* [What you have to do]:
Return each line of the listing below, unchanged, and omit the images.

* [Records for this task]:
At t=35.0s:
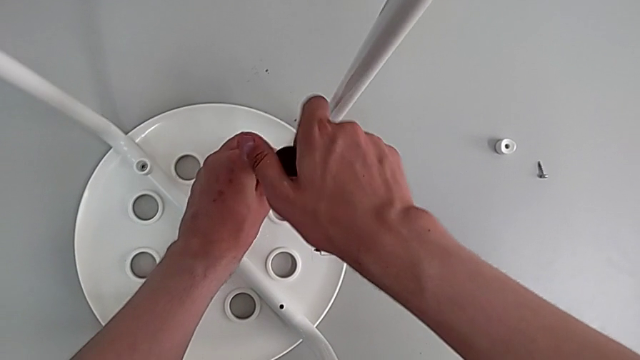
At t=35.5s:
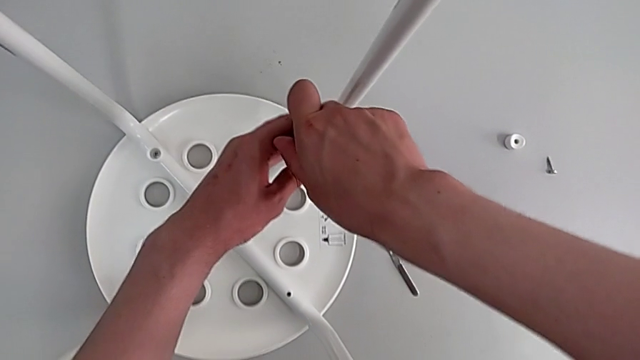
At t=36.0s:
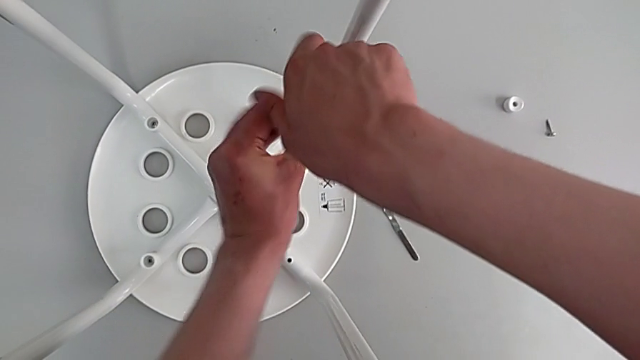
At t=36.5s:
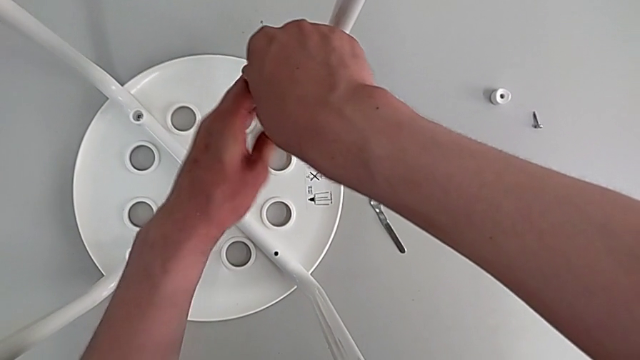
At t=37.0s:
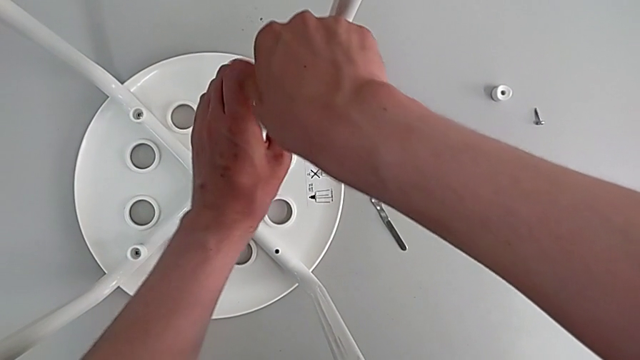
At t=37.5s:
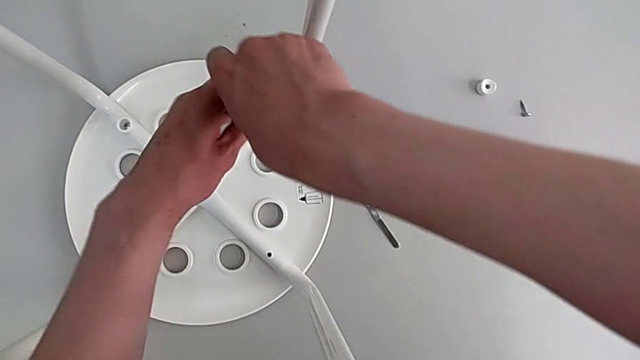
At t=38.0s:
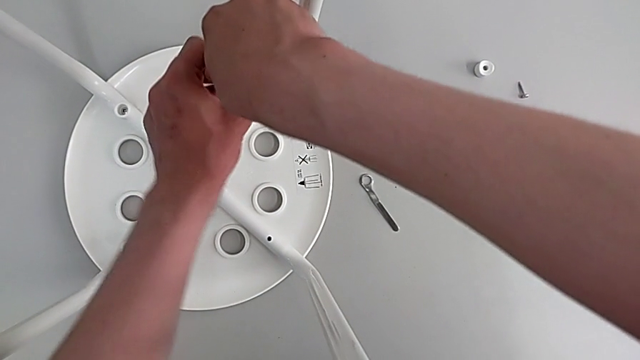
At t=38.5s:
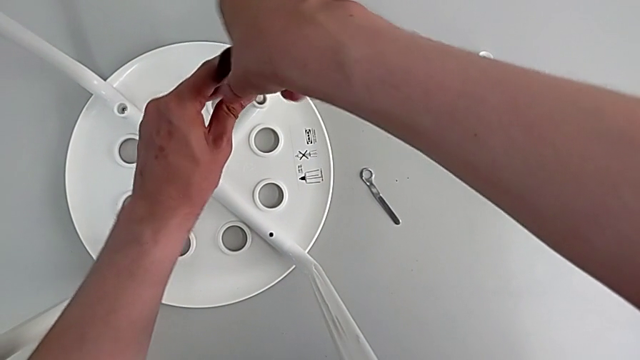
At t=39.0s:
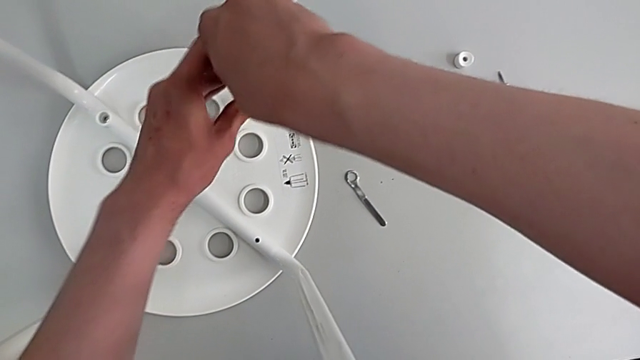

* [Written answer]:
At t=35.0s:
At t=35.5s:
At t=36.0s:
At t=36.5s:
At t=37.0s:
At t=37.5s:
At t=38.0s:
At t=38.5s:
At t=39.0s:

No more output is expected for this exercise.